---------- SOURCE RECORDS

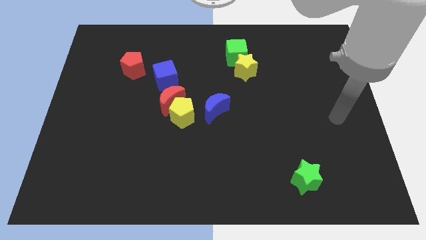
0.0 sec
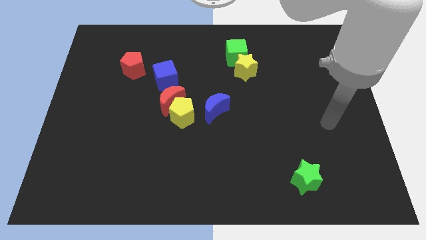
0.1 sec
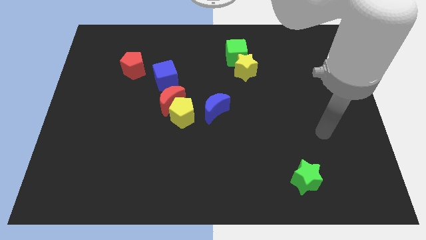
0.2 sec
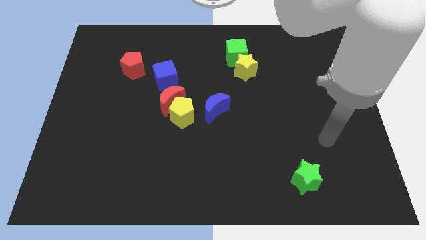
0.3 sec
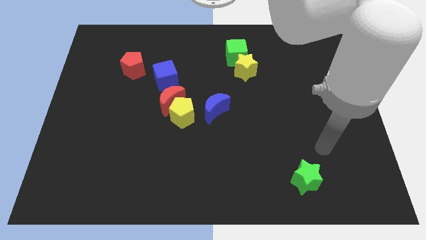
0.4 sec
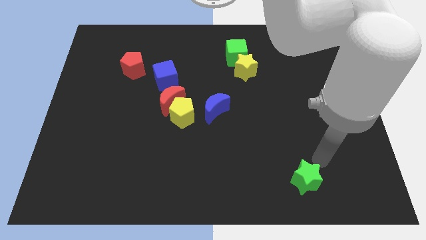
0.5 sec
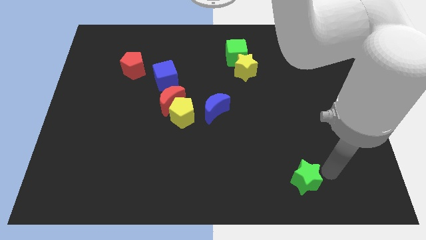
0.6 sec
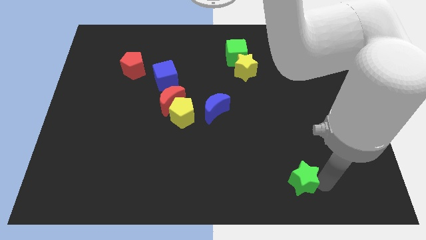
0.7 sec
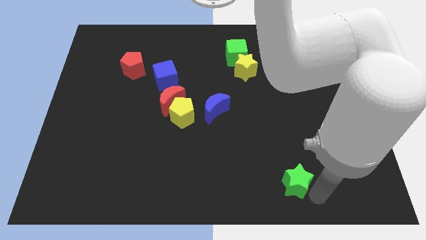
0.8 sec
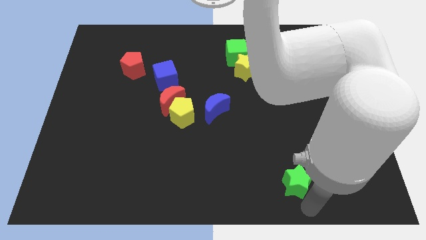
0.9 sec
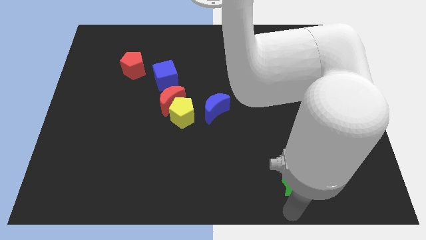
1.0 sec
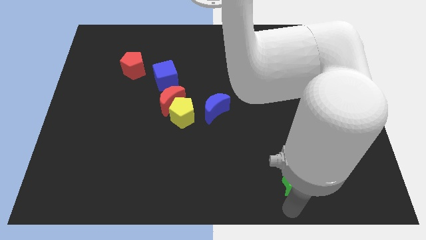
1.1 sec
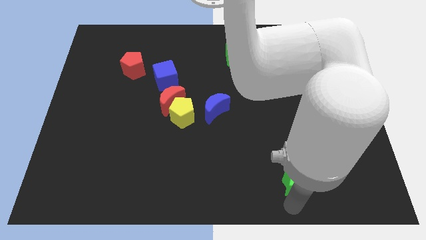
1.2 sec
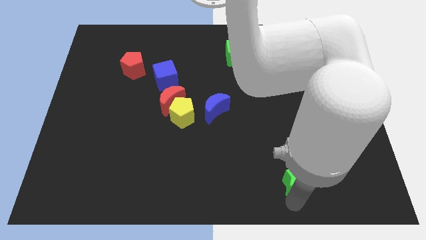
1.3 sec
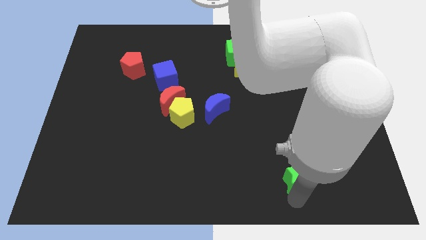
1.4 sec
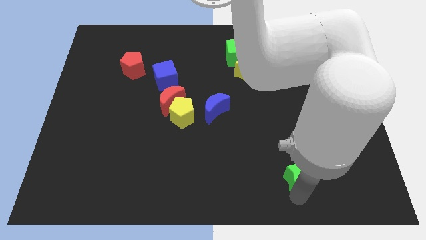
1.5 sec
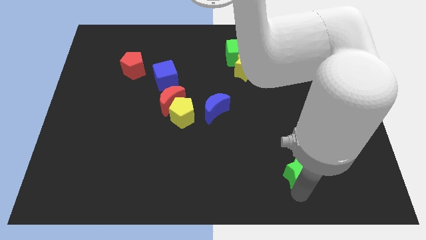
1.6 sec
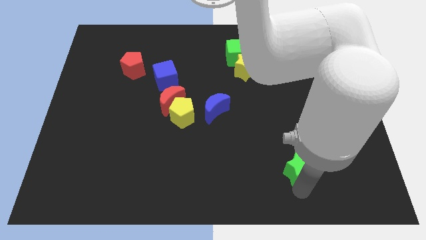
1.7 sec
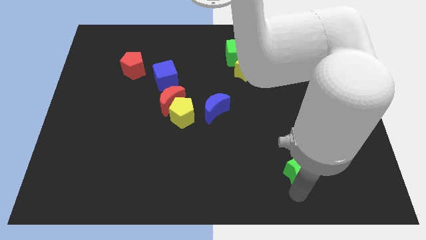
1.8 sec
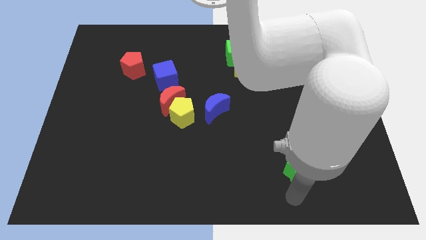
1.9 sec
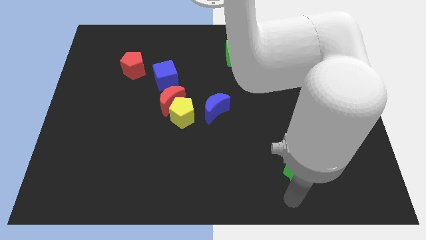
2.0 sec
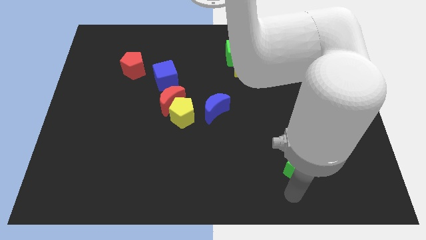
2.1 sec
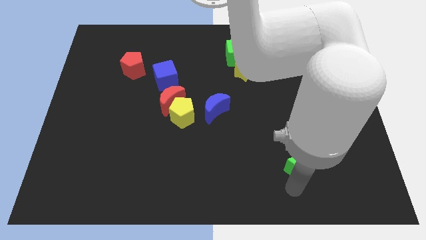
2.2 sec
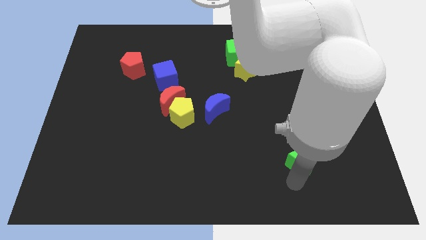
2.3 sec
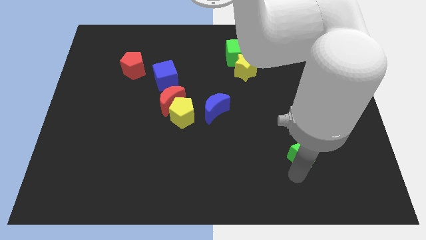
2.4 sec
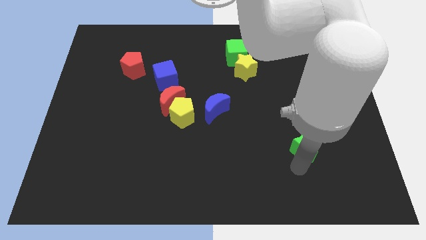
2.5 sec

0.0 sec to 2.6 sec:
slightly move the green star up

--------------------

:: EXERCISE DETAILS ::
Return each entry exactly as given. Leave the images out.

:: RESULT FOR THIS EXERCISE ::
0.0 sec
0.1 sec
0.2 sec
0.3 sec
0.4 sec
0.5 sec
0.6 sec
0.7 sec
0.8 sec
0.9 sec
1.0 sec
1.1 sec
1.2 sec
1.3 sec
1.4 sec
1.5 sec
1.6 sec
1.7 sec
1.8 sec
1.9 sec
2.0 sec
2.1 sec
2.2 sec
2.3 sec
2.4 sec
2.5 sec

0.0 sec to 2.6 sec:
slightly move the green star up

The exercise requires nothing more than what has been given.